学校の敷地内にある駐車場、そこに駐車中の自分の車へと歩いていた久我山の携帯が振動する。電話の相手は案の定、北野からだった。
『どうでした?』
「お前はエスパーか」
『え、なんの話ですか?』
「いや、なんでもない」
『そうですか。それで、どうだったんですか?』
「後で話すよ。通話料金も只じゃないだろう」
『分かりました。
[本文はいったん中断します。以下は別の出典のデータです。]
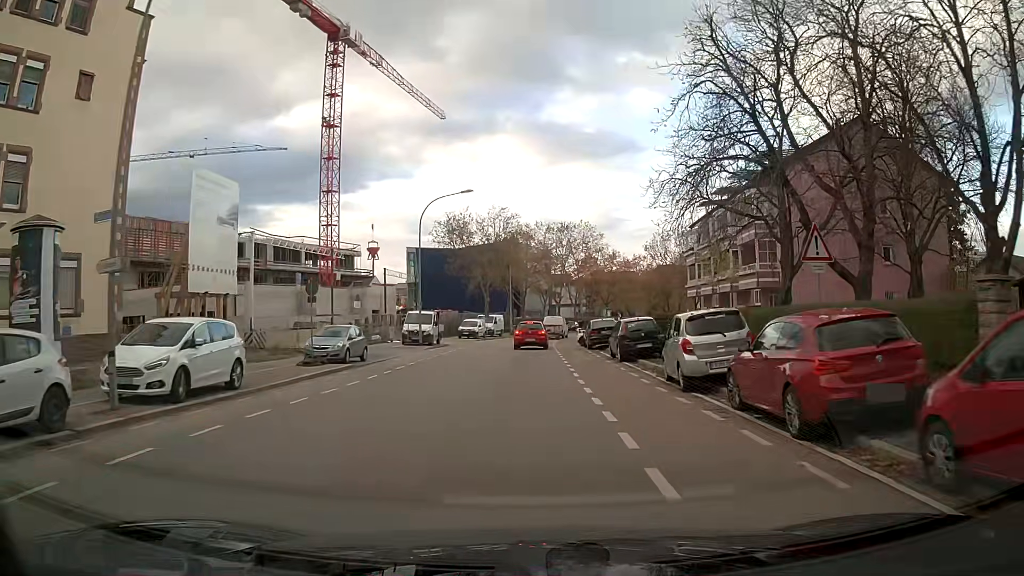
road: tertiary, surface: asphalt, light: Day
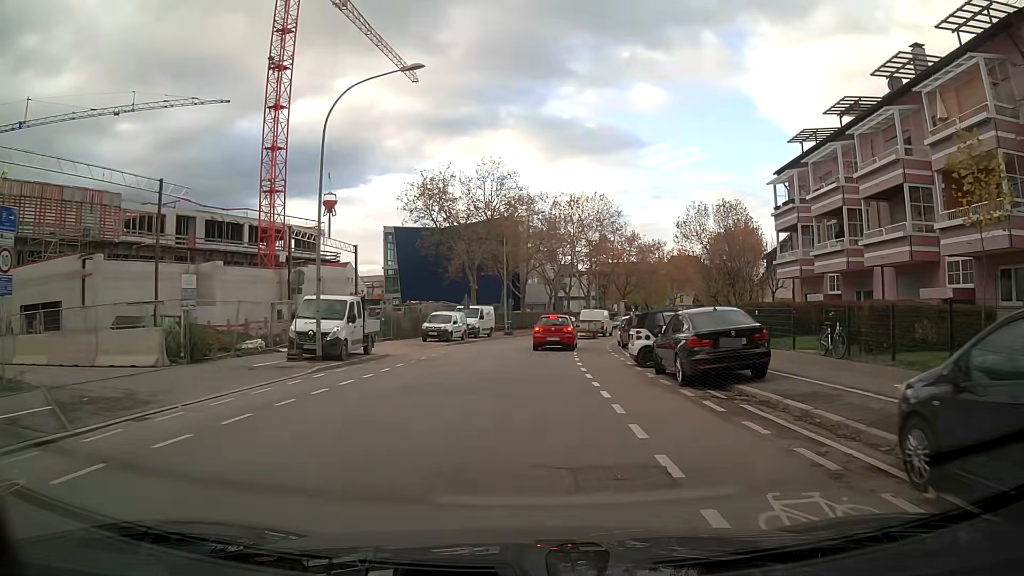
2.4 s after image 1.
(-0.1, +21.2) m; 0°
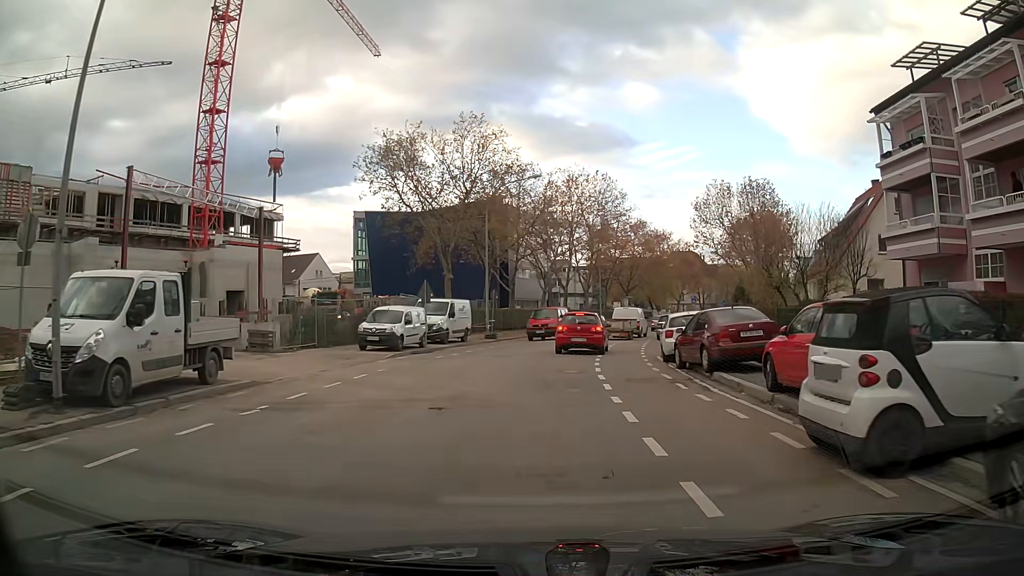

はぐらかさないで下さいね』
「ああ、勿論だ」
後で、と言って電話を切ろうとした時、何やら騒々しい音が響いてきた。
それは、先程まで千葉と会話をしてきた辺りからのようであった。
電話から何やら騒ぐような声が聞こえてきたが、久我山は構わず通話を切り、全速力で走り出した。
「待てっ!」
裏門の入り口付近に辿り着いた久我山は何か大きな影のようなものを捉えたが、既に遅く、それは闇に溶け込むように学校の外に消えてしまった。
久我山は視線を落とし、舌打ちする。
そこには、まだ生暖かさの残る赤い液体が残っていた。
「賢者だと、笑わせんじゃねえよ」
そう言いながら、けたたましく持ち主を急かす携帯を手にとった。